TASK INPUT -
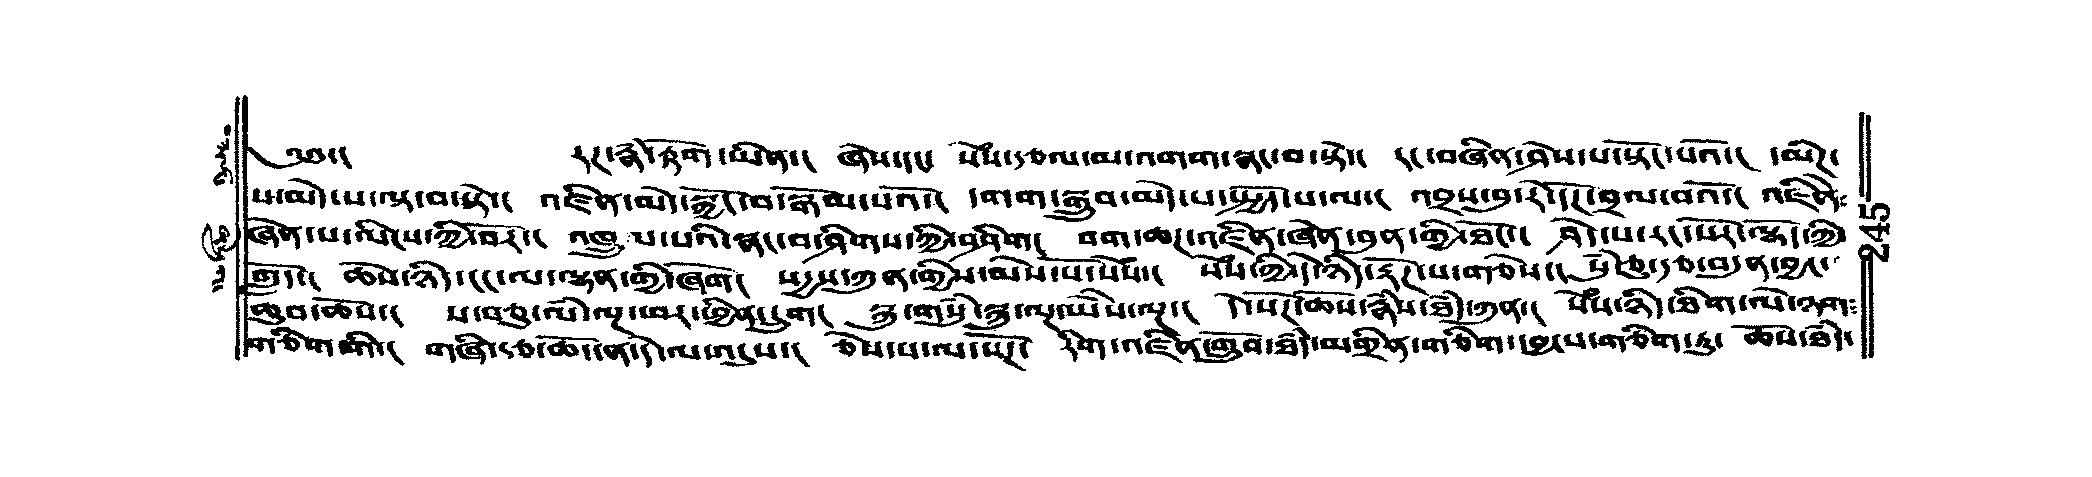རགས་རྣམ་རྟོག་ཡིན། ཞེས་དང་། སེམས་རྩལ་མ་འགག་སྣང་བ་སྟེ། །རང་བཞིན་ཤེས་པ་སྟོང་པའོ། །དམིགས་
པ་མེད་པ་ལྟ་བ་སྟེ། །འཛིན་མེད་སྐྱོང་བ་སྒོམ་པའོ། །དགག་སྒྲུབ་མེད་པ་སྤྱོད་པ་ལ། །འབྲས་བུ་རེ་དོགས་བྲལ་བའོ། །འཇིག་རྟེན་
ཞེན་པ་ལིངས་ཀྱི་བོར། །འཁྲུལ་པའི་སྣང་བ་ཤིགས་ཀྱི་བཤིག །བག་ཆགས་འཛིན་ཞེན་བུན་གྱི་ཐོང་། །ཤེད་པ་རང་སོར་ལྷོད་ཀྱི་
གློད། །ཆོས་ཉིད་ངང་ལ་ལྷན་གྱི་ཞོག །སངས་རྒྱས་ཀུན་གྱིས་མེས་པོ་སེམས། །སེམས་ཀྱི་དེ་ཉིད་རྟོགས་པ་གཅེས། །སུམ་ཅུ་རྩ་བདུན་བྱང་
ཆུབ་ཆོས། །ས་བཅུ་ལམ་ལྔ་ཕར་ཕྱིན་དྲུག །སྐུ་གསུམ་སྐུ་ལྔ་ཡེ་ཤེས་ལྔ། །དེ་སོགས་ཆོས་རྣམས་ཐམས་ཅད་ཀུན། །སེམས་ཉིད་ཐིག་ལེ་ཉག་
གཅིག་གི། །གཞི་རྩ་ཆོད་ན་དེ་ལ་འདུས། ཅེས་པ་ལ་སོགས། རིག་འཛིན་གྲུབ་ཐོབ་ཐམས་ཅད་མགྲིན་གཅིག་དབྱངས་གཅིག་ཏུ། ཆོས་ཐམས་ཅད་

EXERCISE - Write out exactly the final stretch of the records: the line containing "ཆུབ་ཆོས། །ས་བཅུ་ལམ་ལྔ་ཕར་ཕྱིན་དྲུག །སྐུ་གསུམ་སྐུ་ལྔ་ཡེ་ཤེས་ལྔ།" and every line after it, through the last, and nothing else.

RESPONSE -
ཆུབ་ཆོས། །ས་བཅུ་ལམ་ལྔ་ཕར་ཕྱིན་དྲུག །སྐུ་གསུམ་སྐུ་ལྔ་ཡེ་ཤེས་ལྔ། །དེ་སོགས་ཆོས་རྣམས་ཐམས་ཅད་ཀུན། །སེམས་ཉིད་ཐིག་ལེ་ཉག་
གཅིག་གི། །གཞི་རྩ་ཆོད་ན་དེ་ལ་འདུས། ཅེས་པ་ལ་སོགས། རིག་འཛིན་གྲུབ་ཐོབ་ཐམས་ཅད་མགྲིན་གཅིག་དབྱངས་གཅིག་ཏུ། ཆོས་ཐམས་ཅད་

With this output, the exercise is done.